I could not doubt for a moment what it was--here was the finger again.

It had come with me from London to the country.



Whither it went in its run over the floor I do not know, I was too

bewildered to observe.



Somewhat later, towards evening, I seated myself in my easy-chair, took

up a book, and tried to read. I was tired with the journey, with the

knocking about in town, and the discomfort and alarm produced by the

apparition of the finger. I felt worn out. I was unable to give my

attention to what I read, and before I was aware was asleep. Roused for

an instant by the fall of the book from my hands, I speedily relapsed

into unconsciousness. I am not sure that a doze in an armchair ever does

good. It usually leaves me in a semi-stupid condition and with a

headache. Five minutes in a horizontal position on my bed is worth

thirty in a chair. That is my experience. In sleeping in a sedentary

position the head is a difficulty; it drops forward or lolls on one side

or the other, and has to be brought back into a position in which the

line to the centre of gravity runs through the trunk, otherwise the head

carries the body over in a sort of general capsize out of the chair on

to the floor.



I slept, on the occasion of which I am speaking, pretty healthily,

because deadly weary; but I was brought to waking, not by my head

falling over the arm of the chair, and my trunk tumbling after it, but

by a feeling of cold extending from my throat to my heart. When I awoke

I was in a diagonal position, with my right ear resting on my right

shoulder, and exposing the left side of my throat, and it was

here--where the jugular vein throbs--that I felt the greatest intensity

of cold. At once I shrugged my left shoulder, rubbing my neck with the

collar of my coat in so doing. Immediately something fell off, upon the

floor, and I again saw the finger.



My disgust--horror, were intensified when I perceived that it was

dragging something after it, which might have been an old stocking, and

which I took at first glance for something of the sort.

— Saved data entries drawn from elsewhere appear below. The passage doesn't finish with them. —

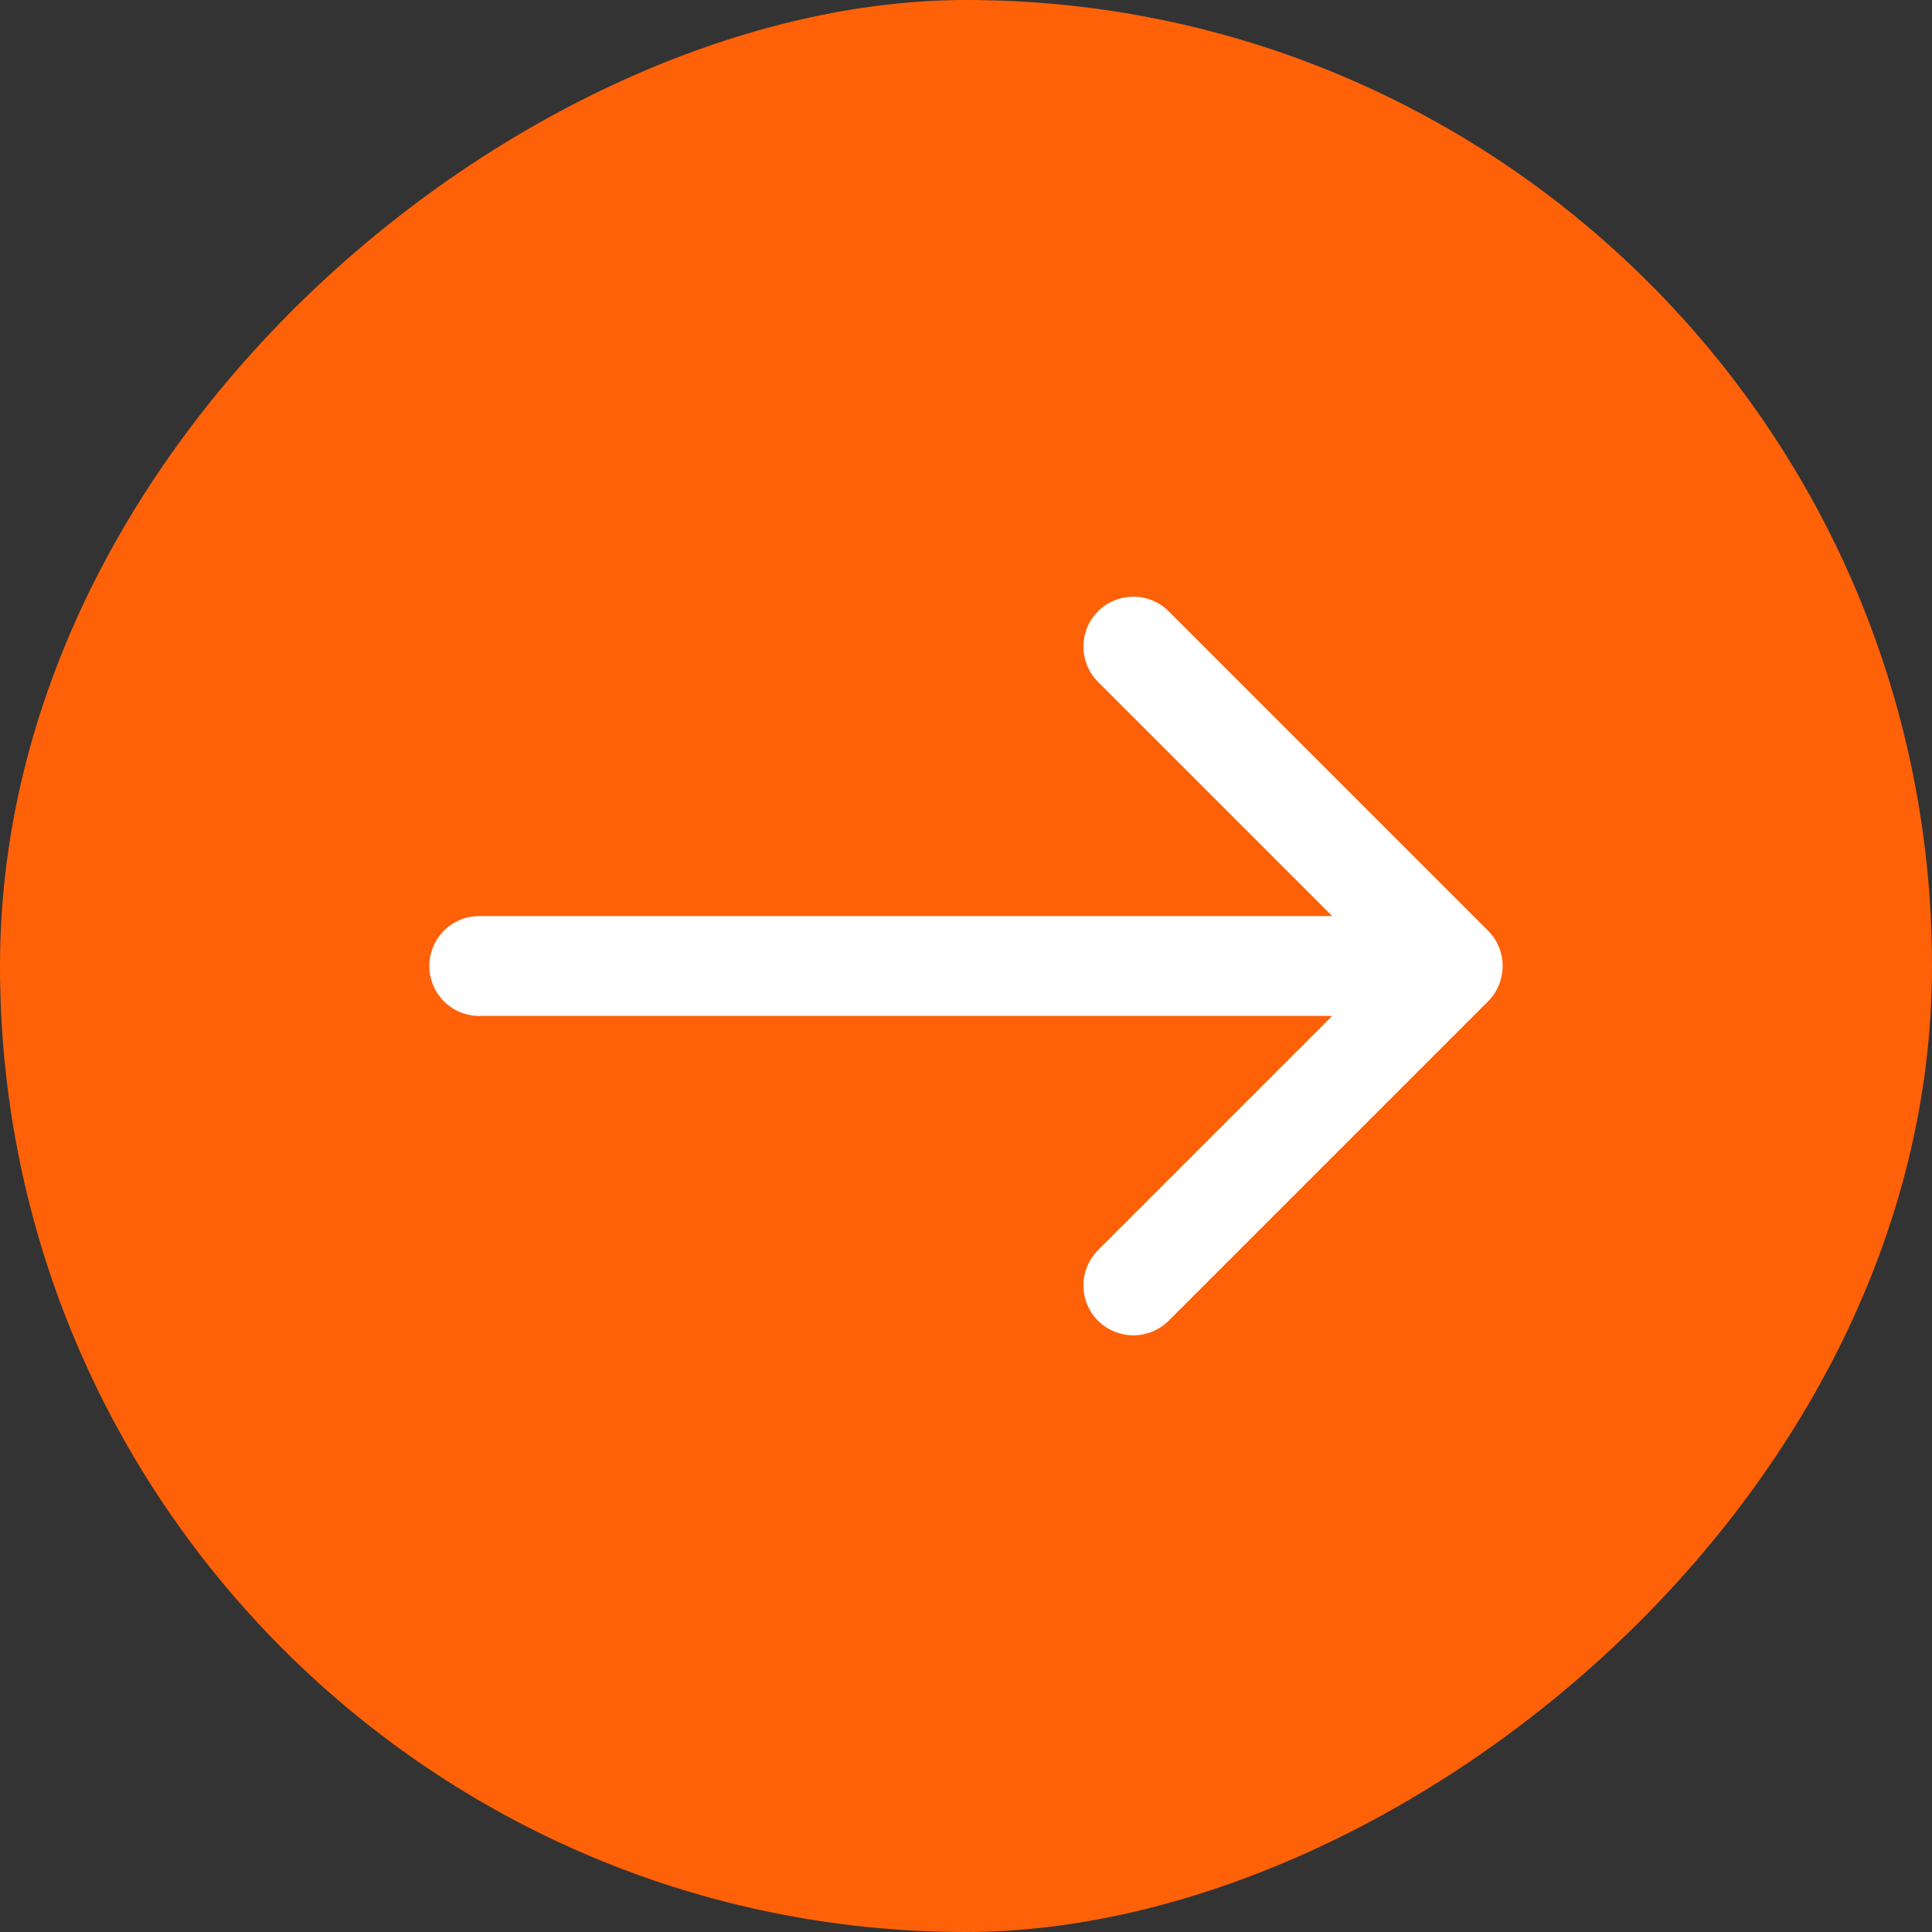 <svg width="18" height="18" viewBox="0 0 18 18" fill="none" xmlns="http://www.w3.org/2000/svg">
<rect x="0" y="0" width="18" height="18" fill="#333333" stroke="none"/>
<rect x="18" width="18" height="18" rx="9" transform="rotate(90 18 0)" fill="#FE6108"/>
<g clip-path="url(#clip0_337_916)">
<path d="M4.465 8.535L12.412 8.535L10.23 6.353C10.049 6.171 10.049 5.877 10.23 5.695C10.412 5.514 10.707 5.514 10.888 5.695L13.864 8.671C14.045 8.853 14.045 9.147 13.864 9.329L10.888 12.305C10.797 12.395 10.678 12.441 10.559 12.441C10.44 12.441 10.321 12.395 10.23 12.305C10.049 12.123 10.049 11.829 10.23 11.647L12.412 9.465L4.465 9.465C4.208 9.465 4 9.257 4 9C4 8.743 4.208 8.535 4.465 8.535Z" fill="white"/>
</g>
<defs>
<clipPath id="clip0_337_916">
<rect width="10" height="10" rx="5" transform="matrix(-1 -8.74228e-08 -8.74228e-08 1 14 4)" fill="white"/>
</clipPath>
</defs>
</svg>

The evening sun shone in through my window, in a brilliant golden ray

that lighted the object as it scrambled along. With this illumination I

was able to distinguish what the object was. It is not easy to describe

it, but I will make the attempt.



The finger I saw was solid and material; what it drew after it was

neither, or was in a nebulous, protoplasmic condition. The finger was

attached to a hand that was curdling into matter and in process of

acquiring solidity; attached to the hand was an arm in a very filmy

condition, and this arm belonged to a human body in a still more

vaporous, immaterial condition. This was being dragged along the floor

by the finger, just as a silkworm might pull after it the tangle of its

web. I could see legs and arms, and head, and coat-tail tumbling about

and interlacing and disentangling again in a promiscuous manner. There

were no bone, no muscle, no substance in the figure; the members were

attached to the trunk, which was spineless, but they had evidently no

functions, and were wholly dependent on the finger which pulled them

along in a jumble of parts as it advanced.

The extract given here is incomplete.